» **EXERCISE REQUIREMENTS**: Your answer must be the lines from the first record through the line that contains "animals in the best available conditions.", copied exactly and without any pictures.

» **Records from a collection**:
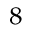
_ { 8 }
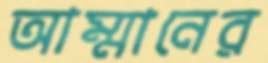
আম্মানের
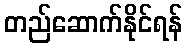
တည်ဆောက်နိုင်ရန်
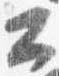
公
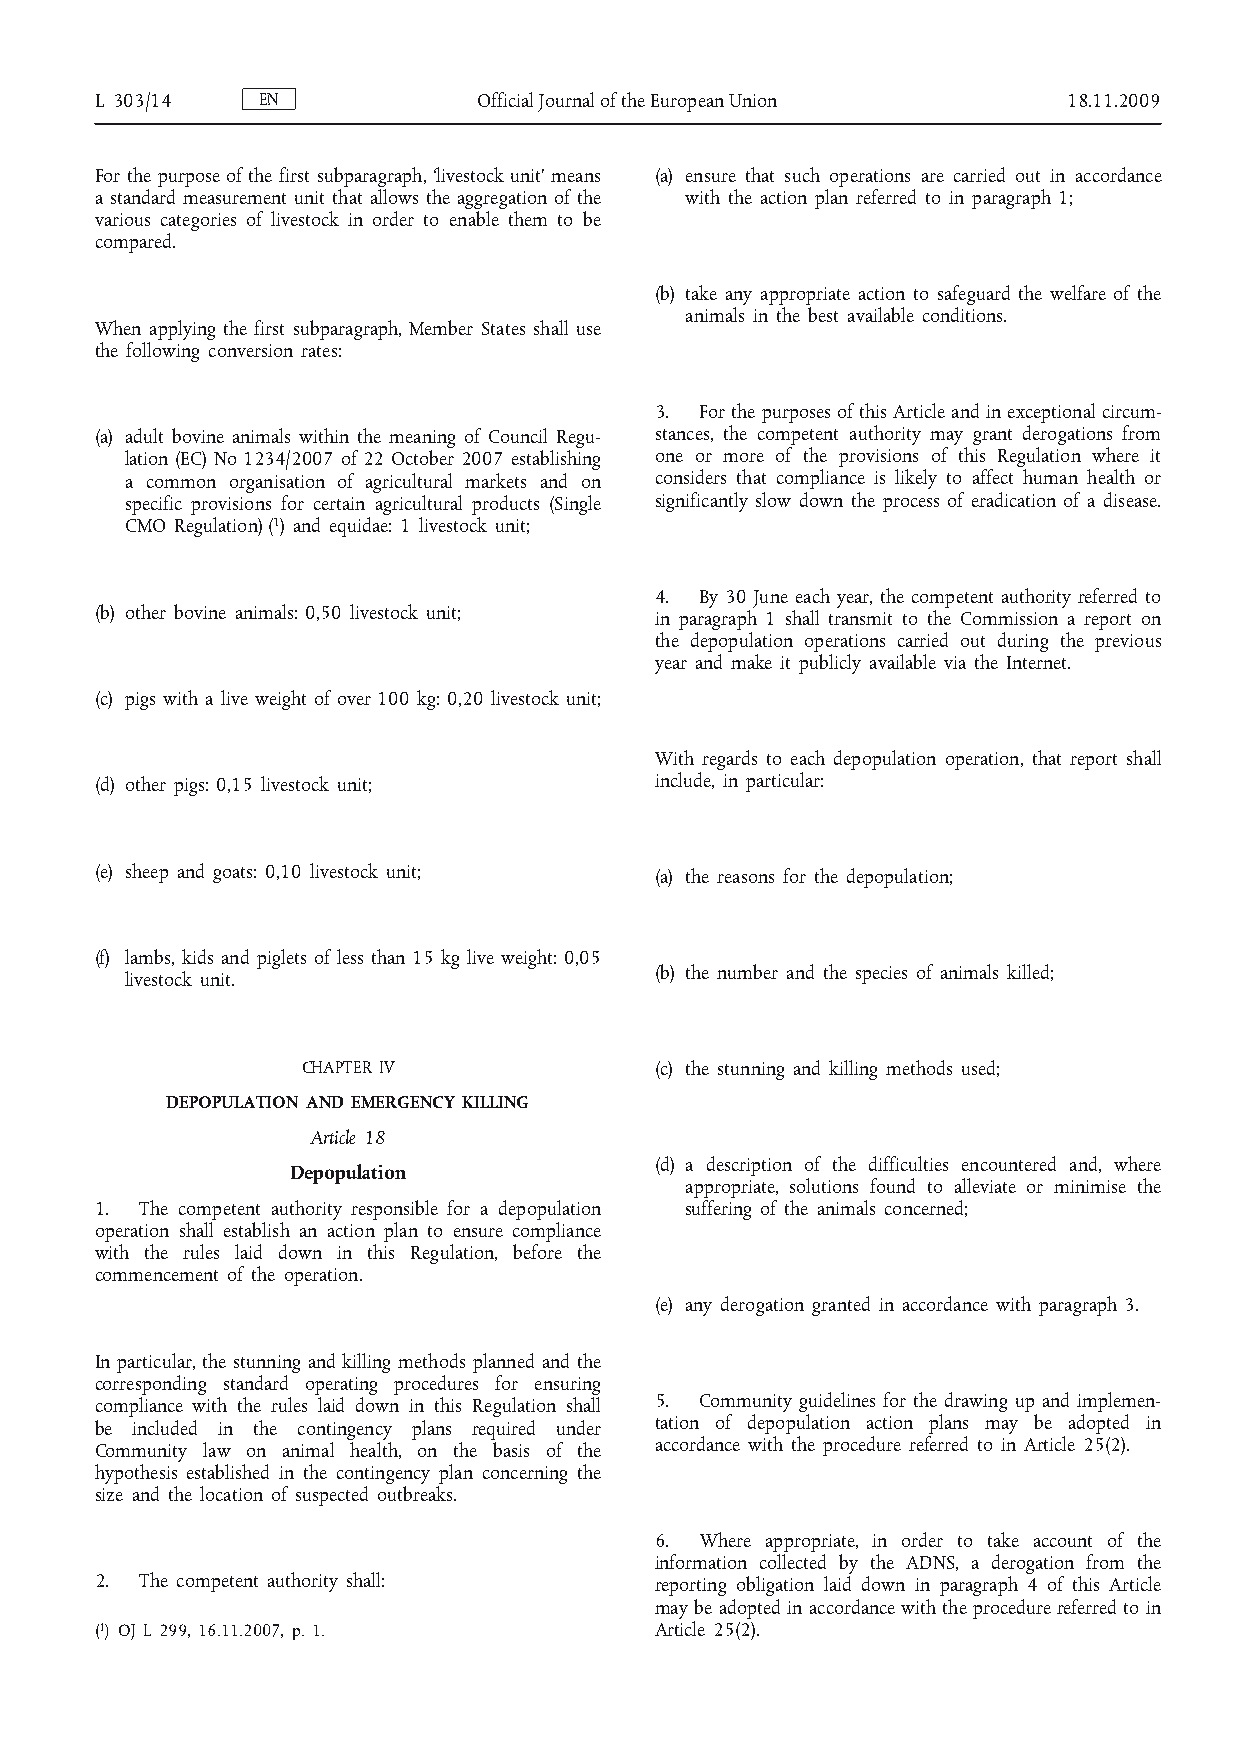
L 303/14   EN             Official Journal of the European Union 18.11.2009
 For the purpose of the first subparagraph, ‘livestock unit’ means (a) ensure that such operations are carried out in accordance
 a standard measurement unit that allows the aggregation of the with the action plan referred to in paragraph 1;
 various categories of livestock in order to enable them to be
 compared.
 (b) take any appropriate action to safeguard the welfare of the
 animals in the best available conditions.
 When applying the first subparagraph, Member States shall use
 the following conversion rates:
 3. For the purposes of this Article and in exceptional circum­
 (a) adult bovine animals within the meaning of Council Regu­ stances, the competent authority may grant derogations from
 lation (EC) No 1234/2007 of 22 October 2007 establishing one or more of the provisions of this Regulation where it
 a common organisation of agricultural markets and on considers that compliance is likely to affect human health or
 specific provisions for certain agricultural products (Single significantly slow down the process of eradication of a disease.
 CMO Regulation) ( 1) and equidae: 1 livestock unit;
 4. By 30 June each year, the competent authority referred to
 (b) other bovine animals: 0,50 livestock unit; in paragraph 1 shall transmit to the Commission a report on
 the depopulation operations carried out during the previous
 year and make it publicly available via the Internet.
 (c) pigs with a live weight of over 100 kg: 0,20 livestock unit;
 With regards to each depopulation operation, that report shall
 (d) other pigs: 0,15 livestock unit; include, in particular:
 (e) sheep and goats: 0,10 livestock unit; (a) the reasons for the depopulation;
 (f) lambs, kids and piglets of less than 15 kg live weight: 0,05
 (b) the number and the species of animals killed;
 livestock unit.
 CHAPTER IV             (c) the stunning and killing methods used;
 DEPOPULATION AND EMERGENCY KILLING
 Article 18
 (d) a description of the difficulties encountered and, where
 Depopulation
 appropriate, solutions found to alleviate or minimise the
 1. The competent authority responsible for a depopulation suffering of the animals concerned;
 operation shall establish an action plan to ensure compliance
 with the rules laid down in this Regulation, before the
 commencement of the operation.
 (e) any derogation granted in accordance with paragraph 3.
 In particular, the stunning and killing methods planned and the
 corresponding standard operating procedures for ensuring
 compliance with the rules laid down in this Regulation shall 5. Community guidelines for the drawing up and implemen­
 be included in the contingency plans required under tation of depopulation action plans may be adopted in
 Community law on animal health, on the basis of the accordance with the procedure referred to in Article 25(2).
 hypothesis established in the contingency plan concerning the
 size and the location of suspected outbreaks.
 6. Where appropriate, in order to take account of the
 information collected by the ADNS, a derogation from the
 2. The competent authority shall:    reporting obligation laid down in paragraph 4 of this Article
 may be adopted in accordance with the procedure referred to in
 ( 1 ) OJ L 299, 16.11.2007, p. 1.    Article 25(2).
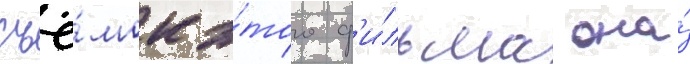
съё́мок э́того ф'и́льма она́
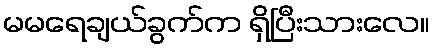
မမရေချယ်ခွက်က ရှိပြီးသားလေ။
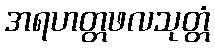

» **RESULT**:
_ { 8 }
আম্মানের
တည်ဆောက်နိုင်ရန်
公
L 303/14   EN             Official Journal of the European Union 18.11.2009
 For the purpose of the first subparagraph, ‘livestock unit’ means (a) ensure that such operations are carried out in accordance
 a standard measurement unit that allows the aggregation of the with the action plan referred to in paragraph 1;
 various categories of livestock in order to enable them to be
 compared.
 (b) take any appropriate action to safeguard the welfare of the
 animals in the best available conditions.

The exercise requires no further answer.